Edward hocha la tête. Mais c'était plus des hochements de tête répétés, rapides presque spasmodiques.
"Bien sûr, Mme D… euh… Renée. Nous le ferons certainement… je veux dire oui… vous comprenez. Euh… écoutez ce fut un réel plaisir de parler avec vous Renée. Bella est là maintenant." Ses yeux allèrent à Bella qui était anxieuse à l'idée de récupérer cette débâcle.
"Merci Edward. Ce fut un plaisir de parler avec vous aussi. Faites attention ! Et prenez bien soin de mon bébé !"

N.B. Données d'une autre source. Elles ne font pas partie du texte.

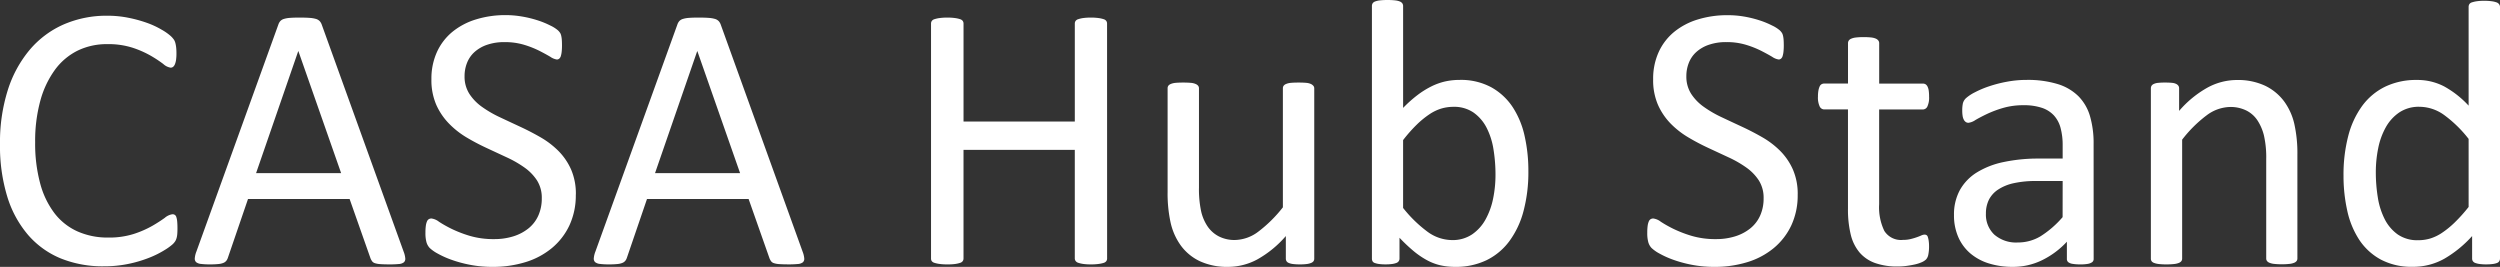 <svg data-name="icon/casa-hub-stand_wh" xmlns="http://www.w3.org/2000/svg" width="155.016" height="16.547"><rect width="100%" height="100%" fill="#333333" stroke="none"/><path data-name="icon/casa-hub-stand_wh" d="M11.004 14.179q0 .188-.012.328a1.344 1.344 0 01-.041.246.818.818 0 01-.076.188 1.027 1.027 0 01-.164.2 3.38 3.38 0 01-.492.357 5.883 5.883 0 01-.932.469 7.749 7.749 0 01-1.277.386 7.354 7.354 0 01-1.58.159 6.913 6.913 0 01-2.662-.488 5.384 5.384 0 01-2.028-1.458 6.628 6.628 0 01-1.289-2.373A10.689 10.689 0 010 8.941a10.734 10.734 0 01.486-3.363 7.3 7.3 0 011.365-2.5 5.835 5.835 0 012.1-1.564A6.661 6.661 0 016.664.975a6.558 6.558 0 011.277.123 8.166 8.166 0 011.148.311 5.216 5.216 0 01.938.434 3.168 3.168 0 01.568.4 1.361 1.361 0 01.205.24.8.8 0 01.076.193 1.908 1.908 0 01.047.264 3.226 3.226 0 01.018.363 2.876 2.876 0 01-.023.4 1.127 1.127 0 01-.07.275.416.416 0 01-.111.164.242.242 0 01-.158.053.869.869 0 01-.457-.229 7.411 7.411 0 00-.756-.5 6.106 6.106 0 00-1.125-.5 4.888 4.888 0 00-1.588-.229 4.116 4.116 0 00-1.834.4A3.876 3.876 0 003.41 4.324a5.854 5.854 0 00-.908 1.916 9.444 9.444 0 00-.322 2.584 9.468 9.468 0 00.311 2.549 5.309 5.309 0 00.89 1.851 3.727 3.727 0 001.424 1.125 4.594 4.594 0 001.91.381 5.032 5.032 0 001.576-.223 6.128 6.128 0 001.148-.5 9.014 9.014 0 00.779-.5.931.931 0 01.48-.223.268.268 0 01.142.04.244.244 0 01.094.135 1.228 1.228 0 01.053.275q.017.176.017.445zm14.026 1.43a1.45 1.45 0 01.1.416.287.287 0 01-.088.24.566.566 0 01-.312.106 5.659 5.659 0 01-.58.023q-.363 0-.58-.018a1.31 1.31 0 01-.328-.059.349.349 0 01-.164-.111.909.909 0 01-.1-.176l-1.3-3.691h-6.3l-1.248 3.645a.613.613 0 01-.094.182.454.454 0 01-.17.129 1.039 1.039 0 01-.316.076 4.881 4.881 0 01-.533.023 4.3 4.3 0 01-.557-.029.559.559 0 01-.3-.111.3.3 0 01-.082-.24 1.45 1.45 0 01.1-.416l5.086-14.086a.614.614 0 01.123-.211.509.509 0 01.223-.129 1.681 1.681 0 01.375-.064q.229-.018.58-.018.375 0 .621.018a1.839 1.839 0 01.4.064.524.524 0 01.234.135.627.627 0 01.129.217zM18.503 3.175h-.012l-2.612 7.559h5.273zm17.2 8.895a4.4 4.4 0 01-.393 1.9 4.075 4.075 0 01-1.09 1.412 4.723 4.723 0 01-1.641.873 6.822 6.822 0 01-2.033.293 7.268 7.268 0 01-1.407-.13 7.723 7.723 0 01-1.16-.316 5.608 5.608 0 01-.855-.387 2.279 2.279 0 01-.48-.34.861.861 0 01-.2-.357 2.1 2.1 0 01-.064-.58 3.223 3.223 0 01.023-.428 1.04 1.04 0 01.07-.275.305.305 0 01.117-.146.32.32 0 01.164-.041.957.957 0 01.463.2 7.279 7.279 0 00.768.434 7.536 7.536 0 001.131.439 5.176 5.176 0 001.529.205 3.9 3.9 0 001.2-.176 2.828 2.828 0 00.938-.5 2.151 2.151 0 00.6-.791 2.573 2.573 0 00.211-1.066 2 2 0 00-.293-1.1 2.952 2.952 0 00-.773-.8 6.783 6.783 0 00-1.1-.633l-1.26-.586a13.7 13.7 0 01-1.254-.662 5.325 5.325 0 01-1.084-.86 3.978 3.978 0 01-.779-1.154 3.84 3.84 0 01-.3-1.588 3.975 3.975 0 01.346-1.693 3.489 3.489 0 01.961-1.248 4.289 4.289 0 011.465-.768 6.158 6.158 0 011.834-.264 5.957 5.957 0 011.014.088 6.914 6.914 0 01.961.234 5.352 5.352 0 01.8.328 2.077 2.077 0 01.463.293.891.891 0 01.146.176.662.662 0 01.059.164 1.672 1.672 0 01.035.24q.012.141.012.363a3.556 3.556 0 01-.018.375 1.439 1.439 0 01-.053.275.336.336 0 01-.1.164.225.225 0 01-.146.053.945.945 0 01-.4-.164q-.275-.164-.674-.369a5.927 5.927 0 00-.943-.375 4.106 4.106 0 00-1.225-.17 3.232 3.232 0 00-1.1.17 2.259 2.259 0 00-.773.451 1.791 1.791 0 00-.457.668 2.218 2.218 0 00-.152.82 1.976 1.976 0 00.293 1.09 2.993 2.993 0 00.779.809 6.938 6.938 0 001.107.645q.621.293 1.266.592t1.266.656a5.284 5.284 0 011.107.844 3.841 3.841 0 01.785 1.148 3.777 3.777 0 01.298 1.565zm14.066 3.539a1.45 1.45 0 01.1.416.287.287 0 01-.088.24.566.566 0 01-.311.105 5.659 5.659 0 01-.58.023q-.363 0-.58-.018a1.31 1.31 0 01-.328-.059.349.349 0 01-.164-.111.909.909 0 01-.1-.176l-1.3-3.691h-6.3l-1.247 3.646a.613.613 0 01-.094.182.454.454 0 01-.17.129 1.039 1.039 0 01-.316.076 4.881 4.881 0 01-.533.023 4.3 4.3 0 01-.557-.029.559.559 0 01-.3-.111.3.3 0 01-.082-.24 1.45 1.45 0 01.1-.416l5.086-14.086a.614.614 0 01.123-.211.509.509 0 01.223-.129 1.681 1.681 0 01.375-.064q.229-.018.58-.018.375 0 .621.018a1.839 1.839 0 01.4.064.524.524 0 01.234.135.627.627 0 01.129.217zM43.242 3.175h-.012l-2.613 7.559h5.273zm25.406 12.849a.289.289 0 01-.047.164.313.313 0 01-.164.111 1.775 1.775 0 01-.307.066 3.24 3.24 0 01-.475.029 3.316 3.316 0 01-.495-.029 1.779 1.779 0 01-.3-.07.313.313 0 01-.164-.111.289.289 0 01-.052-.16V9.293h-6.9v6.731a.289.289 0 01-.047.164.313.313 0 01-.164.111 1.775 1.775 0 01-.311.07 3.339 3.339 0 01-.492.025 3.365 3.365 0 01-.48-.029 1.775 1.775 0 01-.316-.07.313.313 0 01-.164-.111.289.289 0 01-.04-.16V1.465a.289.289 0 01.047-.164.313.313 0 01.164-.111 1.775 1.775 0 01.316-.07 3.365 3.365 0 01.48-.029 3.339 3.339 0 01.486.029 1.775 1.775 0 01.311.07.313.313 0 01.164.111.289.289 0 01.047.164v6.07h6.9v-6.07a.289.289 0 01.047-.164.313.313 0 01.164-.111 1.779 1.779 0 01.3-.07 3.316 3.316 0 01.492-.029 3.24 3.24 0 01.475.029 1.775 1.775 0 01.311.07.313.313 0 01.164.111.289.289 0 01.047.164zm12.844.007a.289.289 0 01-.041.158.322.322 0 01-.146.111 1.04 1.04 0 01-.275.071 3.114 3.114 0 01-.417.023 3.335 3.335 0 01-.439-.023.953.953 0 01-.27-.07.283.283 0 01-.135-.111.327.327 0 01-.039-.159v-1.394a6.569 6.569 0 01-1.777 1.453 3.824 3.824 0 01-1.781.457 4.028 4.028 0 01-1.776-.352 3.12 3.12 0 01-1.166-.955 3.862 3.862 0 01-.638-1.406 8.457 8.457 0 01-.193-1.951v-6.4a.289.289 0 01.04-.159.354.354 0 01.158-.117.974.974 0 01.3-.07q.188-.018.469-.018t.469.018a.908.908 0 01.3.07.406.406 0 01.162.117.262.262 0 01.047.158v6.142a6.536 6.536 0 00.135 1.482 2.772 2.772 0 00.41.949 1.9 1.9 0 00.7.609 2.126 2.126 0 00.984.217 2.474 2.474 0 001.445-.514 8.224 8.224 0 001.529-1.512V5.484a.289.289 0 01.041-.16.354.354 0 01.158-.117.961.961 0 01.3-.07q.182-.018.475-.018t.469.018a.846.846 0 01.293.07.476.476 0 01.156.117.242.242 0 01.053.158zm13.277-5.414a9.381 9.381 0 01-.3 2.467 5.486 5.486 0 01-.879 1.869 3.883 3.883 0 01-1.422 1.184 4.369 4.369 0 01-1.938.41 4.105 4.105 0 01-.932-.1 3.34 3.34 0 01-.833-.323 5.125 5.125 0 01-.82-.562 10.164 10.164 0 01-.867-.82v1.289a.289.289 0 01-.048.164.311.311 0 01-.152.111 1.239 1.239 0 01-.264.064 2.85 2.85 0 01-.4.023 2.876 2.876 0 01-.4-.023 1.242 1.242 0 01-.27-.064.247.247 0 01-.141-.111.362.362 0 01-.035-.164V.375a.32.32 0 01.041-.164.3.3 0 01.152-.117 1.161 1.161 0 01.3-.07 3.886 3.886 0 01.469-.023 4.009 4.009 0 01.48.023 1.071 1.071 0 01.293.07.345.345 0 01.152.117.289.289 0 01.047.164v6.316a7.832 7.832 0 01.908-.809 5.384 5.384 0 01.861-.533 3.829 3.829 0 01.844-.3 4.1 4.1 0 01.891-.094 3.953 3.953 0 011.963.457 3.8 3.8 0 011.324 1.225 5.371 5.371 0 01.744 1.8 9.812 9.812 0 01.232 2.18zm-2.039.223a9.834 9.834 0 00-.123-1.57 4.438 4.438 0 00-.427-1.346 2.61 2.61 0 00-.809-.943 2.113 2.113 0 00-1.254-.357 2.635 2.635 0 00-.738.105 2.752 2.752 0 00-.738.352 5.55 5.55 0 00-.779.633 9.081 9.081 0 00-.861.973v4.207a7.966 7.966 0 001.523 1.482 2.6 2.6 0 001.512.51 2.152 2.152 0 001.242-.352 2.683 2.683 0 00.838-.932 4.51 4.51 0 00.469-1.3 7.307 7.307 0 00.145-1.462zm18.738 1.23a4.4 4.4 0 01-.393 1.9 4.075 4.075 0 01-1.09 1.412 4.723 4.723 0 01-1.641.873 6.822 6.822 0 01-2.033.293 7.268 7.268 0 01-1.411-.13 7.723 7.723 0 01-1.16-.316 5.608 5.608 0 01-.855-.387 2.279 2.279 0 01-.48-.34.861.861 0 01-.2-.357 2.1 2.1 0 01-.064-.58 3.223 3.223 0 01.023-.428 1.04 1.04 0 01.07-.275.305.305 0 01.117-.146.32.32 0 01.164-.041.957.957 0 01.463.2 7.279 7.279 0 00.768.434 7.536 7.536 0 001.131.439 5.176 5.176 0 001.529.205 3.9 3.9 0 001.2-.176 2.828 2.828 0 00.938-.5 2.151 2.151 0 00.6-.791 2.573 2.573 0 00.211-1.066 2 2 0 00-.293-1.1 2.952 2.952 0 00-.773-.8 6.783 6.783 0 00-1.1-.633l-1.26-.586a13.7 13.7 0 01-1.254-.662 5.325 5.325 0 01-1.09-.855 3.978 3.978 0 01-.779-1.154 3.84 3.84 0 01-.3-1.588 3.975 3.975 0 01.346-1.693 3.489 3.489 0 01.961-1.248 4.289 4.289 0 011.465-.768 6.158 6.158 0 011.834-.264 5.957 5.957 0 011.018.082 6.914 6.914 0 01.961.234 5.352 5.352 0 01.8.328 2.077 2.077 0 01.463.293.891.891 0 01.146.176.662.662 0 01.059.164 1.672 1.672 0 01.035.24q.012.141.012.363a3.556 3.556 0 01-.018.375 1.439 1.439 0 01-.053.275.336.336 0 01-.1.164.225.225 0 01-.146.053.945.945 0 01-.4-.164q-.275-.164-.674-.369a5.927 5.927 0 00-.943-.375 4.106 4.106 0 00-1.225-.17 3.232 3.232 0 00-1.1.17 2.259 2.259 0 00-.773.451 1.791 1.791 0 00-.457.668 2.218 2.218 0 00-.152.82 1.976 1.976 0 00.293 1.09 2.993 2.993 0 00.779.809 6.938 6.938 0 001.107.645q.621.293 1.266.592t1.266.656a5.284 5.284 0 011.107.844 3.841 3.841 0 01.785 1.148 3.777 3.777 0 01.301 1.566zm8.145 3.188a2.455 2.455 0 01-.047.539.6.6 0 01-.141.293.919.919 0 01-.281.176 2.3 2.3 0 01-.428.135q-.24.053-.51.088a4.164 4.164 0 01-.538.035 4.061 4.061 0 01-1.406-.217 2.273 2.273 0 01-.961-.656 2.7 2.7 0 01-.545-1.113 6.549 6.549 0 01-.17-1.588V6.785h-1.477a.316.316 0 01-.279-.188 1.309 1.309 0 01-.105-.609 2.027 2.027 0 01.029-.375 1.076 1.076 0 01.076-.252.294.294 0 01.123-.141.353.353 0 01.17-.041h1.465V2.671a.3.3 0 01.042-.147.335.335 0 01.152-.123 1 1 0 01.3-.076 3.886 3.886 0 01.469-.023 4.009 4.009 0 01.479.022.928.928 0 01.293.076.383.383 0 01.152.123.269.269 0 01.047.152v2.508h2.708a.32.32 0 01.164.041.341.341 0 01.123.141.8.8 0 01.076.252 2.523 2.523 0 01.023.375 1.309 1.309 0 01-.105.609.316.316 0 01-.281.188h-2.711v5.883a3.352 3.352 0 00.322 1.646 1.219 1.219 0 001.154.557 1.988 1.988 0 00.48-.053q.211-.053.375-.111t.281-.111a.522.522 0 01.211-.053.226.226 0 01.111.029.2.2 0 01.082.111 1.345 1.345 0 01.053.223 2.195 2.195 0 01.025.348zm10.207.785a.247.247 0 01-.09.211.658.658 0 01-.258.105 2.459 2.459 0 01-.48.035 2.67 2.67 0 01-.486-.035.577.577 0 01-.264-.105.263.263 0 01-.082-.211v-1.055a5.207 5.207 0 01-1.545 1.149 4.086 4.086 0 01-1.8.41 4.9 4.9 0 01-1.505-.217 3.258 3.258 0 01-1.148-.627 2.812 2.812 0 01-.738-1.008 3.336 3.336 0 01-.264-1.359 3.145 3.145 0 01.363-1.547 3.021 3.021 0 011.043-1.09 5.124 5.124 0 011.664-.65 10.333 10.333 0 012.215-.217h1.453v-.82a4.079 4.079 0 00-.129-1.078 1.847 1.847 0 00-.416-.779 1.787 1.787 0 00-.744-.469 3.469 3.469 0 00-1.125-.162 4.477 4.477 0 00-1.283.17 6.859 6.859 0 00-1 .375q-.428.205-.715.375a.987.987 0 01-.428.17.289.289 0 01-.164-.047.4.4 0 01-.123-.141.725.725 0 01-.076-.24 2.047 2.047 0 01-.023-.322 2.06 2.06 0 01.041-.463.67.67 0 01.2-.322 2.55 2.55 0 01.545-.357 5.991 5.991 0 01.891-.375 8.083 8.083 0 011.1-.281 6.577 6.577 0 011.207-.111 6.332 6.332 0 011.934.258 3.128 3.128 0 011.289.756 2.926 2.926 0 01.715 1.236 5.986 5.986 0 01.223 1.723zm-1.922-4.819h-1.652a6.232 6.232 0 00-1.383.135 2.848 2.848 0 00-.973.4 1.648 1.648 0 00-.568.633 1.9 1.9 0 00-.182.85 1.7 1.7 0 00.521 1.307 2.057 2.057 0 001.459.486 2.714 2.714 0 001.41-.387 6.085 6.085 0 001.365-1.184zm14.555 4.8a.262.262 0 01-.047.158.368.368 0 01-.152.111 1.071 1.071 0 01-.293.07 3.886 3.886 0 01-.469.023 4.009 4.009 0 01-.48-.023 1.071 1.071 0 01-.293-.07.368.368 0 01-.152-.111.262.262 0 01-.047-.158V9.855a6.071 6.071 0 00-.141-1.453 3.008 3.008 0 00-.41-.949 1.779 1.779 0 00-.7-.609 2.212 2.212 0 00-.99-.211 2.5 2.5 0 00-1.449.515 7.872 7.872 0 00-1.523 1.512v7.371a.262.262 0 01-.047.158.368.368 0 01-.152.111 1.071 1.071 0 01-.293.07 4.009 4.009 0 01-.485.024 3.886 3.886 0 01-.469-.023 1.161 1.161 0 01-.3-.07.322.322 0 01-.152-.111.289.289 0 01-.041-.158V5.484a.327.327 0 01.038-.16.312.312 0 01.141-.117.8.8 0 01.27-.07 4.252 4.252 0 01.434-.018q.258 0 .428.018a.692.692 0 01.264.07.37.37 0 01.135.117.289.289 0 01.041.158v1.395a6.483 6.483 0 011.774-1.453 3.82 3.82 0 011.787-.463 3.972 3.972 0 011.775.357 3.2 3.2 0 011.166.955 3.8 3.8 0 01.639 1.4 8.336 8.336 0 01.193 1.928zm12.563 0a.32.32 0 01-.041.164.277.277 0 01-.145.118 1.129 1.129 0 01-.264.064 2.876 2.876 0 01-.4.023 2.98 2.98 0 01-.41-.023 1.242 1.242 0 01-.27-.064.311.311 0 01-.152-.111.289.289 0 01-.047-.164v-1.394a7.128 7.128 0 01-1.723 1.406 3.938 3.938 0 01-1.963.5 4.055 4.055 0 01-1.98-.451 3.728 3.728 0 01-1.33-1.219 5.369 5.369 0 01-.744-1.8 9.891 9.891 0 01-.234-2.186 9.509 9.509 0 01.293-2.455 5.472 5.472 0 01.867-1.869 3.874 3.874 0 011.424-1.189 4.41 4.41 0 011.963-.416 3.577 3.577 0 011.693.4 6 6 0 011.517 1.193V.424a.329.329 0 01.041-.158.27.27 0 01.158-.117 1.787 1.787 0 01.3-.07 3 3 0 01.463-.029 3.216 3.216 0 01.48.029 1.466 1.466 0 01.293.07.331.331 0 01.158.117.274.274 0 01.053.158zm-1.946-7.411a7.629 7.629 0 00-1.518-1.482 2.639 2.639 0 00-1.529-.51 2.173 2.173 0 00-1.254.352 2.7 2.7 0 00-.838.926 4.428 4.428 0 00-.469 1.3 7.452 7.452 0 00-.146 1.477 9.759 9.759 0 00.123 1.559 4.511 4.511 0 00.428 1.354 2.6 2.6 0 00.809.949 2.134 2.134 0 001.266.357 2.616 2.616 0 00.744-.105 2.778 2.778 0 00.732-.352 5.593 5.593 0 00.785-.639 9.733 9.733 0 00.867-.967z" fill="#fff"/></svg>

"Ce sera fait. Au revoir." Il posa le téléphone dans la main de Bella en murmurant. "Je vais ouvrir cette deuxième bouteille de vin maintenant."
Elle le regarda s'éloigner très rapidement. Elle posa le téléphone contre son oreille.
"Maman ? Bonjour. Qu'est-ce que… ?" Bella n'alla pas plus loin dans sa question. Renée avait démarré au quart de tour.
"Hé chérie ! J'ai pensé t'appeler pour savoir comment ça se passait à l'école et pour voir si tu voyais Edward. Evidemment que oui ! Imagine combien j'ai été surprise d'avoir l'opportunité de lui parler ! Oh et il semble être poli et gentil et évidemment il réussit très bien. Et c'est très gentil à lui de plaisanter avec moi et me dire des choses sur lui… Et cette voix ! Seigneur ! Bien sûr je peux seulement imaginer le visage qui va avec. Il m'a dit que vous dîniez ensemble et je ne voulais vraiment pas vous interrompre mais il a dit que vous faisiez une petite pause avant le dessert. Alors que lui as-tu préparé Bella ?"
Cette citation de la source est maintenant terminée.